● WHAT THE TASK ASKS
Looking at the records below, state how many lines include the string "Volume" and add nothing further.

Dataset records
##############################

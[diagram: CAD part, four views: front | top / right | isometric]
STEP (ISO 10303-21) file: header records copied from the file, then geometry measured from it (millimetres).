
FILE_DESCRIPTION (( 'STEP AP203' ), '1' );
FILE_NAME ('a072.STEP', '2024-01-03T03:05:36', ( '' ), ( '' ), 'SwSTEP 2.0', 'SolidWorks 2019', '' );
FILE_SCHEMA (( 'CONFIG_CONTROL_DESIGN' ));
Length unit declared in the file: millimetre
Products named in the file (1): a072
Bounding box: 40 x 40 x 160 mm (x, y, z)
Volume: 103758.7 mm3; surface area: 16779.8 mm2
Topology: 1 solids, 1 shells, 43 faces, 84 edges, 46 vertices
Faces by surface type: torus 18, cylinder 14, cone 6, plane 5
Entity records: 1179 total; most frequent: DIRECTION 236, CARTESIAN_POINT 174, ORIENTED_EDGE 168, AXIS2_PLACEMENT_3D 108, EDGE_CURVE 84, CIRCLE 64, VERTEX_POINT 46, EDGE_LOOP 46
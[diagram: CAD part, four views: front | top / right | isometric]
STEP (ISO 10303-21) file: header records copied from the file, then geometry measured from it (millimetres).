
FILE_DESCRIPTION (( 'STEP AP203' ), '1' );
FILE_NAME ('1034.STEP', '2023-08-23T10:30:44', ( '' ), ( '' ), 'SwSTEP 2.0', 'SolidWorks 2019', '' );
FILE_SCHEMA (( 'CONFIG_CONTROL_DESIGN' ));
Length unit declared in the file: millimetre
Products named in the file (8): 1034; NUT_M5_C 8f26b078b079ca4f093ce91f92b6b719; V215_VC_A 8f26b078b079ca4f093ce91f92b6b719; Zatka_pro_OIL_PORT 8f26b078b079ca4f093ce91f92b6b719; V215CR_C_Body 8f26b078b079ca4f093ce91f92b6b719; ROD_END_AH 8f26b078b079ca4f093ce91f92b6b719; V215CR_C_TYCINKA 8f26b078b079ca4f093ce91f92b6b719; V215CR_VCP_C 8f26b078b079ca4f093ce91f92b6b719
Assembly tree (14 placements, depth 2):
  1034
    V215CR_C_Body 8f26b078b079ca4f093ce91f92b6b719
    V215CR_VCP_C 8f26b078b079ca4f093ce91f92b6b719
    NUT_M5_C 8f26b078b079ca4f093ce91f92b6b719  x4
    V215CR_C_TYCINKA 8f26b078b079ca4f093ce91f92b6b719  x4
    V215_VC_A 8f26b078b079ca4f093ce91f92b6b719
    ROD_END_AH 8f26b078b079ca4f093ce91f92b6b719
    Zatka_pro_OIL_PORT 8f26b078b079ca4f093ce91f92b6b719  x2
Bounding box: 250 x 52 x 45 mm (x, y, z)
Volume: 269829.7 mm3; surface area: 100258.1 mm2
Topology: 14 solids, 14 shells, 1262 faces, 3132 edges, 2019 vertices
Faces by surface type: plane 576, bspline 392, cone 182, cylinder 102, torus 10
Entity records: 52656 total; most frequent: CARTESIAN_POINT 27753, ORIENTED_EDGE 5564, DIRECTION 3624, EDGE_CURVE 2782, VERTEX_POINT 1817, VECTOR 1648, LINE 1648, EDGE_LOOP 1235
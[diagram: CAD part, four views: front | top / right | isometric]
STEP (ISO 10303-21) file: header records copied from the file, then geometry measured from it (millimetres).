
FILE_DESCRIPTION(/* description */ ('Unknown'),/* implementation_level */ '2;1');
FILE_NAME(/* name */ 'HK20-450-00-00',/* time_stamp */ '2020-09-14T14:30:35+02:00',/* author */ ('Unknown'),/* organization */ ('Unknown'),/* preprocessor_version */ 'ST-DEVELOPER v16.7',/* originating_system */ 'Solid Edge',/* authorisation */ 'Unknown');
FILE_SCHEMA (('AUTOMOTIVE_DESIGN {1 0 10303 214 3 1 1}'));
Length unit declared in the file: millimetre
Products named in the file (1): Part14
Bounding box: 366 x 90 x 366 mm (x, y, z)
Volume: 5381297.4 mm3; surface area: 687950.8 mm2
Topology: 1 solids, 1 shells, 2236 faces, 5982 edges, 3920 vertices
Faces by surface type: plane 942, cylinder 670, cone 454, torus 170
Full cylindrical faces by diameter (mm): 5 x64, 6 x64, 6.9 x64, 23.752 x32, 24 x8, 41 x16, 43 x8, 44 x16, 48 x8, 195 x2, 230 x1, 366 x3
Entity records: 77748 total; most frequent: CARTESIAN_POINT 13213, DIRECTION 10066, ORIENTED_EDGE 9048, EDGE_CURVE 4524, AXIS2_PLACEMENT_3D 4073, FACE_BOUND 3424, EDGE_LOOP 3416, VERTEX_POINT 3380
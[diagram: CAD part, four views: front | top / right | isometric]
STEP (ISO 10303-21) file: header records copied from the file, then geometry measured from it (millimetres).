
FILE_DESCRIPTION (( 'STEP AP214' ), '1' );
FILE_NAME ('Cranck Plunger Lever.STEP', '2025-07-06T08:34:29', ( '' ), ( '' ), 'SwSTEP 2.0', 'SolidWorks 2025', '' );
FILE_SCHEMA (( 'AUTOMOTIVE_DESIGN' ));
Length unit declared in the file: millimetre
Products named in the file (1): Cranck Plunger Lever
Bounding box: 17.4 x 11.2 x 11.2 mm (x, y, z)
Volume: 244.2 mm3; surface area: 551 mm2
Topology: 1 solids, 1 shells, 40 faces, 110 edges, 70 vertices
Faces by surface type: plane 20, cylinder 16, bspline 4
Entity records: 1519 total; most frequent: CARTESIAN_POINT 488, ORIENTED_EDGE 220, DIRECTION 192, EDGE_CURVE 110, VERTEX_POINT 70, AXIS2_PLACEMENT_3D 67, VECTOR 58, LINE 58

##############################

● SOLUTION TO THE PROBLEM
4